Many of these “friends” will be at this week’s G-20 summit in St. Petersburg, Russia. Obama should be careful not to hijack what’s mostly an economic confab, but he should privately press for public support from those G-20 leaders present who may only have signaled tacit support.
“International politics in 2013 is messy,” said David Shorr, a policy analyst at the Stanley Foundation. Speaking from St. Petersburg, Shorr, a longtime observer of high-level diplomacy, told an editorial writer that the G-20 is a “creature of shared interests” among key economic players in the global economy. But Syria is going to be “topic A” even if it’s not on the agenda.
“That gives the president a chance to the extent that he can to build consensus and get more of the world’s leaders on the same page in the hopes of making Syria ultimately a topic of consensus rather than discord,” Shorr said.
Further, Obama should press nations not taking part in the summit, especially those in the Middle East, to clearly clarify their positions. So far, the results are not encouraging.
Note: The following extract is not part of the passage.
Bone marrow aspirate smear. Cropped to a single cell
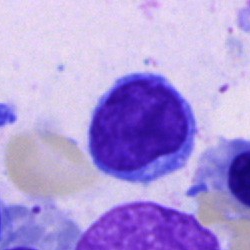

The Arab League, which expelled Syria in 2011, called the alleged attack a “heinous crime” and asked the U.N. Security Council to take action.
But every Arab leader knows that Russian and Chinese leaders have self-servingly and immorally blocked the Security Council from coalescing around corrective measures. This diplomatic protection racket has enabled Syrian President Bashar Assad to wage a vicious civil war that has resulted in the more than 100,000 deaths, has forced more than 2 million to flee to neighboring nations and has displaced more than 5 million within the war-torn nation itself.
With the United Nations sidelined by its very structure, the next best option is garnering political, if not military, support from NATO. In fact, James G. Stavridis, a retired admiral and from 2009 to 2013 the Supreme Allied Commander, Europe for NATO, has called for such an approach, citing both the relatively recent precedent for NATO acting independently of the U.N. Security Council in Kosovo and the threat that the situation in Syria poses to Turkey, a key member of NATO. Also, a military strike might be justified by the “responsibility to protect” doctrine.
Concurrent with congressional hearings in Washington, Obama tried to ratchet up international pressure during a presummit visit to Sweden. But he did so disingenuously by declaring that, “I didn’t set a red line; the world set a red line.”
Obama indeed did set a red line over chemical-weapons usage, and he should own up to it instead of backing away. But so, too, should the civilized world. Obama’s not wrong when he notes that collectively, other nations have set similar standards. The least their leaders can do is to lend political support to the one nation that may actually enforce a global red line on chemical weapons.